→ WHAT TO DO
What follows is a listing; repeat exactly, and only, its lines from the one holding "Label: Stadium" through the last, leaving any pictures out.

→ DATASET EXCERPTS
'''

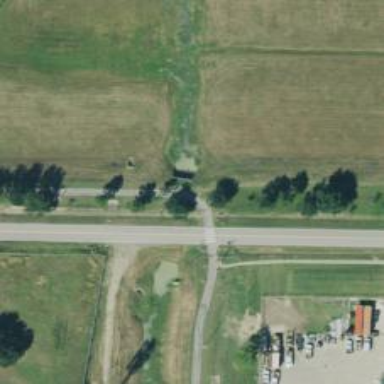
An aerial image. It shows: Uncontrolled crossing at the intersection of cycleway and road.
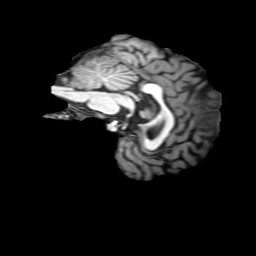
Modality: T1w
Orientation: sagittal
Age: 21
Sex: female
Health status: ill
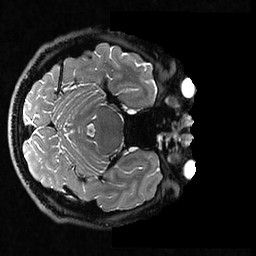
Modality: T2w
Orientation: axial
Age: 29
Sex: male
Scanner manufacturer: ge
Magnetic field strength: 3 T
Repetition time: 3.202 s
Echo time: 0.05917 s
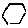
Label: hexagon
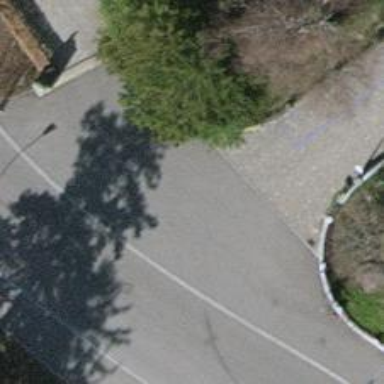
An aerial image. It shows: Driveway with surface of sett.
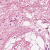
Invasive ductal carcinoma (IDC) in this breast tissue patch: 0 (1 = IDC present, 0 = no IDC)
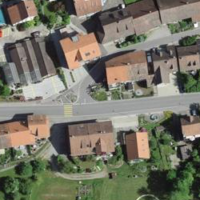
EUNIS habitat code: 54
Species observed at this site:
Hedera helix
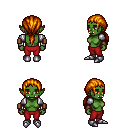
a pixel art fantasy rpg character, female body template, orc, green skin, steel arm armor, red pants, dark blonde ponytail hairstyle, leather bracers, metal boots, four views (front, back, left, right), 2x2 character sprite sheet, small pixel art, hard edges, no anti-aliasing
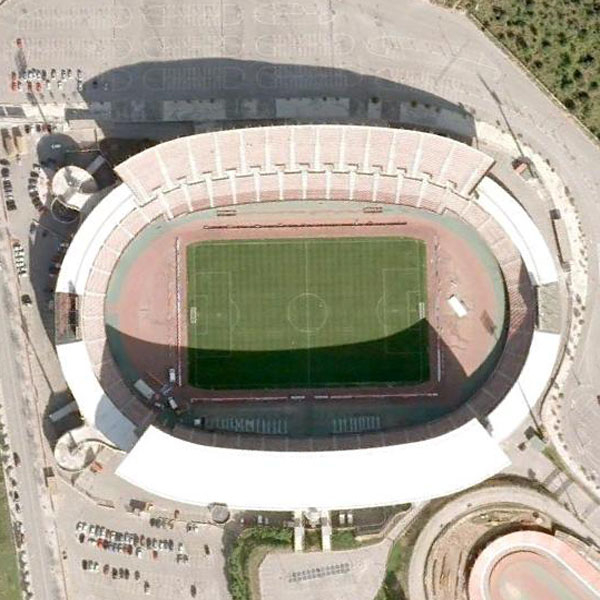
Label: Stadium
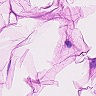
Metastatic tissue present: no
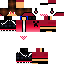
A female skeleton skin with dark skin, wearing brown helmet dressed in a red robe top and red pants, featuring a closed mouth.
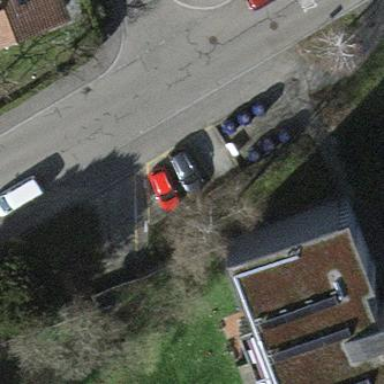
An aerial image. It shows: Parking area is available.
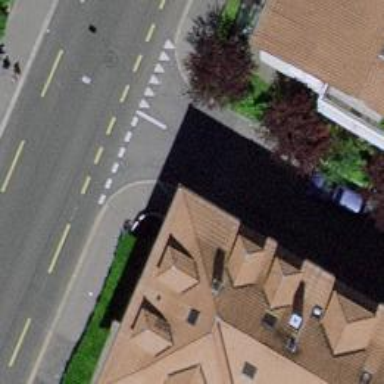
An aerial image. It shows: Residential road with asphalt surface and separate sidewalk.
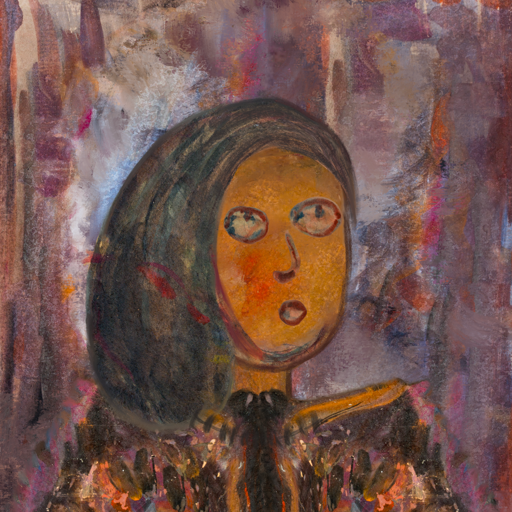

'''

→ ANSWER BOX
Label: Stadium
Metastatic tissue present: no
A female skeleton skin with dark skin, wearing brown helmet dressed in a red robe top and red pants, featuring a closed mouth.
An aerial image. It shows: Parking area is available.
An aerial image. It shows: Residential road with asphalt surface and separate sidewalk.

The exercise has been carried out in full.